• Assignment
Starting at the line that holds "An aerial image. It shows: Marked" and stopping at the line that holds "Season: NotSpecified", restate the records below word for word, with both of those lines included.

[Material for this task — start]

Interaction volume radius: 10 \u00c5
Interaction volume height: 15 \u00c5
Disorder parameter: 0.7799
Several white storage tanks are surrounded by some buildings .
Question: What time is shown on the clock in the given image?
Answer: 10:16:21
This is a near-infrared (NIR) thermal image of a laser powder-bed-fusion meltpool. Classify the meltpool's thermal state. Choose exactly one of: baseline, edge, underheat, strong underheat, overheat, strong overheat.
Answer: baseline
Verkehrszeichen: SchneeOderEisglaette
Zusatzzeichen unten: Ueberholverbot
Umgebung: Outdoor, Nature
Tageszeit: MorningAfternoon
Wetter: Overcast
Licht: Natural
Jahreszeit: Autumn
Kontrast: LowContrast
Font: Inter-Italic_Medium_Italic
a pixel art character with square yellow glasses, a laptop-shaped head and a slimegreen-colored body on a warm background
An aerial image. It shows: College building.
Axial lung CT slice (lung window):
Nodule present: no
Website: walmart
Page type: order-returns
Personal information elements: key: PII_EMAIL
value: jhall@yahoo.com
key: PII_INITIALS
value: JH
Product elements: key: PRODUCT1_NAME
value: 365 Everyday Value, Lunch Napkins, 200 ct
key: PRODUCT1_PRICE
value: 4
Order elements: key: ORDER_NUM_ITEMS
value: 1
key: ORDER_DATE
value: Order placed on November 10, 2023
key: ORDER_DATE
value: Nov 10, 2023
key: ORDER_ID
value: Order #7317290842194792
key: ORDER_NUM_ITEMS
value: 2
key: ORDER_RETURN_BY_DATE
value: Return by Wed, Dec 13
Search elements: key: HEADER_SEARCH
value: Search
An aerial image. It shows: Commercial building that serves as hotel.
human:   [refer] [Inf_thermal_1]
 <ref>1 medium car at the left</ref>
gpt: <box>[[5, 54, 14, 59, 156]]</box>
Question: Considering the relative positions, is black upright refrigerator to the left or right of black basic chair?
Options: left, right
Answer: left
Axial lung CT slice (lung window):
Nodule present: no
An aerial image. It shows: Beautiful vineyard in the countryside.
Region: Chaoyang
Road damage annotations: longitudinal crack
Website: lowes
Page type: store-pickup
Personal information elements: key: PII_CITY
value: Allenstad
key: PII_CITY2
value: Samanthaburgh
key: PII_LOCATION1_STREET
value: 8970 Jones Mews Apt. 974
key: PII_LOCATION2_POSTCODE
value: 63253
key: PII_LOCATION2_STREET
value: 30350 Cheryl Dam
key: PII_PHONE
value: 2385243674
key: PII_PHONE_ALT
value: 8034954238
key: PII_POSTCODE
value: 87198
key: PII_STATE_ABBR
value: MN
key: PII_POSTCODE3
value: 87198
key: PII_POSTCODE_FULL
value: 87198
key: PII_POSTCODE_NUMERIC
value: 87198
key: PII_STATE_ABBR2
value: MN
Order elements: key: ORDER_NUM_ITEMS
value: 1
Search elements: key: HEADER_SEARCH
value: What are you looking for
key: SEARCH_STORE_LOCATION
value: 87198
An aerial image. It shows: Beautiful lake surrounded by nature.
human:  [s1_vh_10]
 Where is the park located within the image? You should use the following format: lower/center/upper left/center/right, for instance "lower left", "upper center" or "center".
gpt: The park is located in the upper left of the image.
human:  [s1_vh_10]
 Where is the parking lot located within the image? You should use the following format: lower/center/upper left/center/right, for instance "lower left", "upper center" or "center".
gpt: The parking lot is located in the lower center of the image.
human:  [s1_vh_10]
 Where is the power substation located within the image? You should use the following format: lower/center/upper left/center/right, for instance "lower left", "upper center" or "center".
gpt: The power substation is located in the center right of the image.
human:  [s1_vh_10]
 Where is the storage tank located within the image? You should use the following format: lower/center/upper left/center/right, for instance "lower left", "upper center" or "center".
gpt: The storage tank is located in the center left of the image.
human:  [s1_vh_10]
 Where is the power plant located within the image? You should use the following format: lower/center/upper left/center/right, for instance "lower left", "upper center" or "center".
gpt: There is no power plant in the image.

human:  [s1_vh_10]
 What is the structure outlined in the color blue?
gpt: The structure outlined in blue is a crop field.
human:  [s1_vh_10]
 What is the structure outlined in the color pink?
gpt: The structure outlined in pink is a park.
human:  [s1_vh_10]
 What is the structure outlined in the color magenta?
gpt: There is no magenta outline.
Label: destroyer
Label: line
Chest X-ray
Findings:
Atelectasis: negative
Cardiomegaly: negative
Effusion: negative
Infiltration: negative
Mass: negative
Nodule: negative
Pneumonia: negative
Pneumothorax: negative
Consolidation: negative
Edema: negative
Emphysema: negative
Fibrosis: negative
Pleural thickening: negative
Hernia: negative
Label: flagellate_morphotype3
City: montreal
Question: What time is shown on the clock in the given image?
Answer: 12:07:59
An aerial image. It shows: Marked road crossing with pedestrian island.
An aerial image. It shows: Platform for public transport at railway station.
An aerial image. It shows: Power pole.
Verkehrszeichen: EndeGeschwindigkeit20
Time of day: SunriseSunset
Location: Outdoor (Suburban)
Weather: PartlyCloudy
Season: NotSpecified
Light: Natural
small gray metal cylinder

[Material for this task — finish]

• Written answer
An aerial image. It shows: Marked road crossing with pedestrian island.
An aerial image. It shows: Platform for public transport at railway station.
An aerial image. It shows: Power pole.
Verkehrszeichen: EndeGeschwindigkeit20
Time of day: SunriseSunset
Location: Outdoor (Suburban)
Weather: PartlyCloudy
Season: NotSpecified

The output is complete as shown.